ML training (Karpathy-style):
/optimize --metric "val_bpb" --lower-is-better \
--measure "uv run train.py > run.log 2>&1 && grep '^val_bpb:' run.log | cut -d' ' -f2" \
--files "train.py" \
--locked "prepare.py" \
--budget 300
Eval Mode
Optimize a skill's Extract workflow:
/optimize --target "~/.claude/skills/ExtractWisdom" --max-experiments 15
Optimize a standalone prompt:
/optimize --target "prompts/summarize-article.md" --runs 5
Optimize with custom criteria:
/optimize --target "~/.claude/skills/Research/Workflows/QuickResearch.md" \
--criteria "Does the output contain specific facts with sources?" \
"Is the output structured with clear sections?" \
"Does the output avoid generic filler?" \
--inputs "research quantum computing breakthroughs 2025" \
"quick research on supply chain security" \
"find recent developments in AI agents"
Gotchas
- Hill-climbing can get stuck in local optima. If score plateaus, consider resetting with different initial conditions.

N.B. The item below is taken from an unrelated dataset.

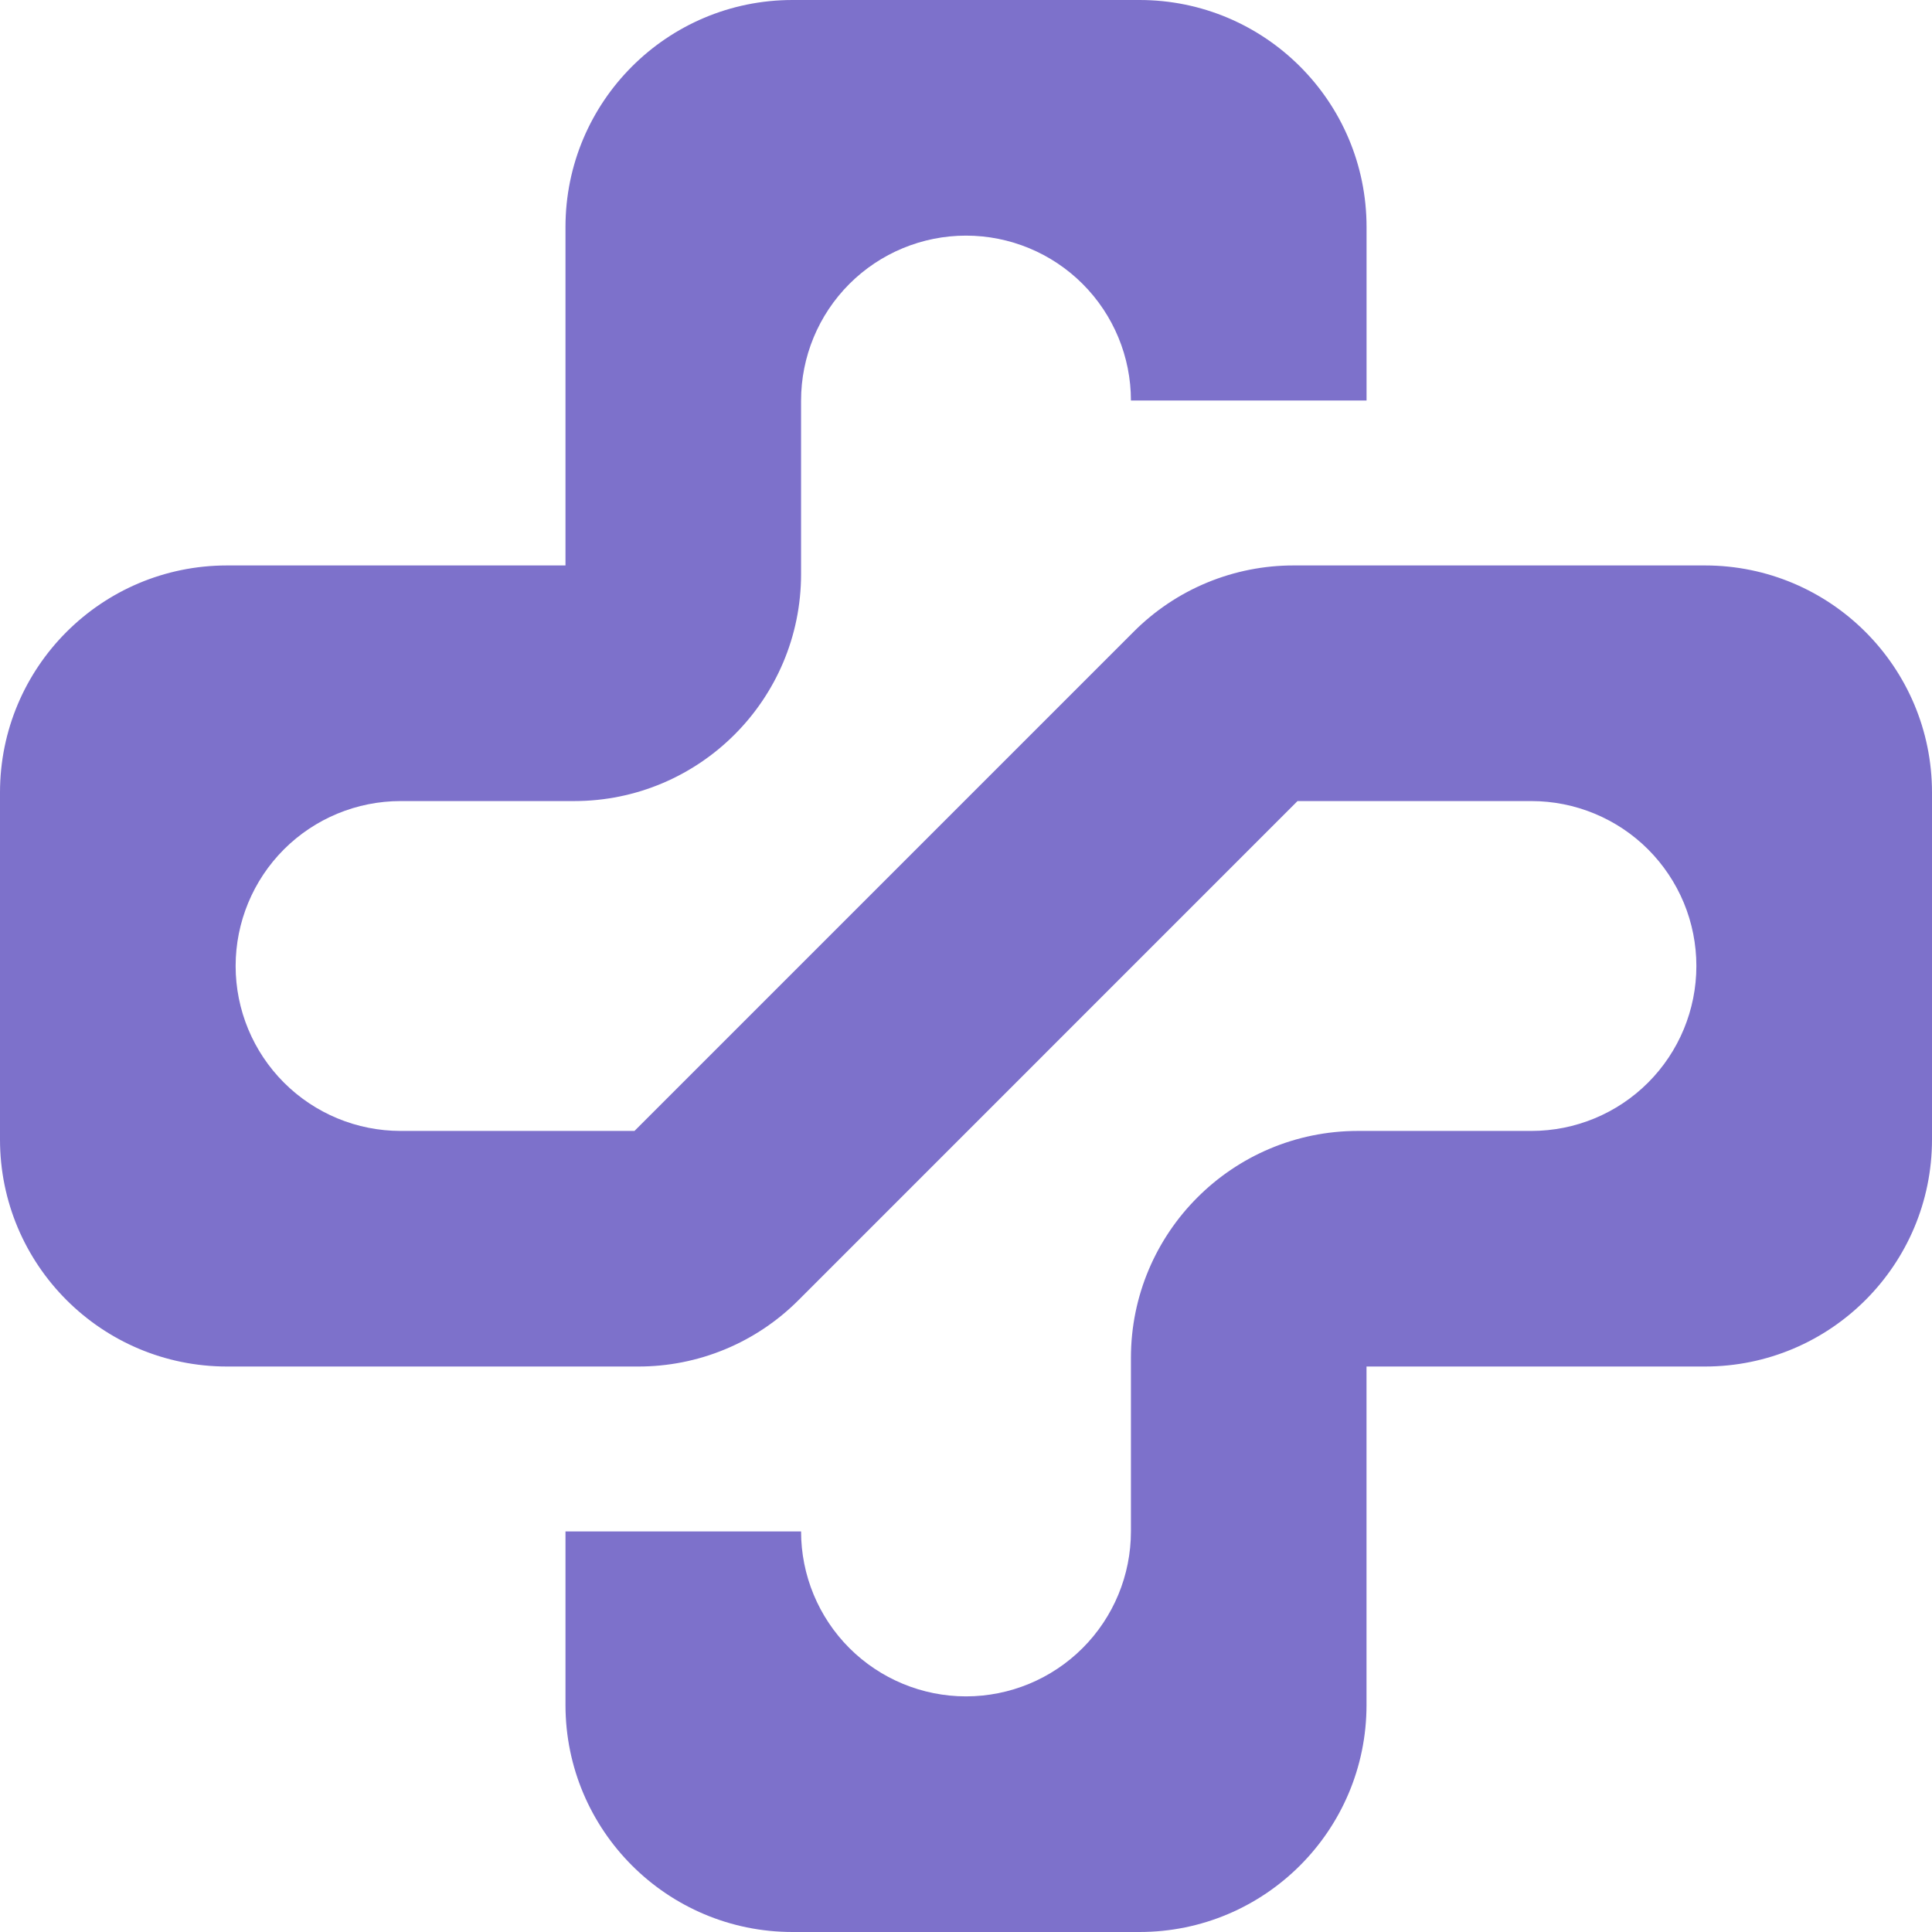 <svg width="52" height="52" viewBox="0 0 52 52" fill="none" xmlns="http://www.w3.org/2000/svg">
<path d="M21.331 52H30.669C34.044 52 36.78 49.264 36.78 45.889V36.78H45.889C49.264 36.78 52 34.044 52 30.669V21.331C52 17.956 49.264 15.219 45.889 15.219H34.828C34.025 15.217 33.23 15.374 32.488 15.681C31.746 15.988 31.073 16.44 30.507 17.009L17.077 30.439H10.782C9.604 30.439 8.475 29.971 7.643 29.139C6.81 28.306 6.342 27.177 6.342 26C6.342 24.823 6.81 23.694 7.642 22.861C8.475 22.029 9.604 21.561 10.781 21.561H15.45C18.825 21.561 21.561 18.825 21.561 15.45V10.78C21.561 9.603 22.029 8.474 22.861 7.642C23.694 6.809 24.823 6.342 26 6.342C27.177 6.342 28.306 6.809 29.139 7.642C29.971 8.474 30.439 9.603 30.439 10.78H36.781V6.111C36.781 2.736 34.044 0 30.669 0H21.331C17.956 0 15.22 2.736 15.22 6.111V15.219H6.111C2.736 15.219 -3.8147e-06 17.955 -3.8147e-06 21.331V30.669C-3.8147e-06 34.044 2.736 36.78 6.111 36.78H17.172C17.975 36.782 18.77 36.625 19.512 36.318C20.254 36.011 20.927 35.56 21.494 34.991L34.923 21.561H41.218C41.801 21.561 42.379 21.676 42.917 21.899C43.456 22.122 43.946 22.449 44.358 22.861C44.77 23.273 45.097 23.762 45.321 24.301C45.544 24.84 45.658 25.417 45.658 26C45.658 27.177 45.191 28.306 44.358 29.139C43.526 29.971 42.397 30.439 41.22 30.439H36.55C33.175 30.439 30.439 33.175 30.439 36.55V41.219C30.439 42.397 29.971 43.526 29.139 44.358C28.306 45.191 27.177 45.658 26 45.658C24.823 45.658 23.694 45.19 22.861 44.358C22.029 43.526 21.561 42.397 21.561 41.219H15.22V45.889C15.22 49.264 17.956 52 21.331 52Z" fill="#7D71CB"/>
</svg>

- Eval mode vs metric mode: Use metric mode for quantifiable targets (latency, size). Use eval mode for qualitative targets (skill quality, prompt effectiveness).
- Regression tolerance prevents catastrophic changes. Don't set it to 0 — some regression in secondary metrics is acceptable if primary metric improves significantly.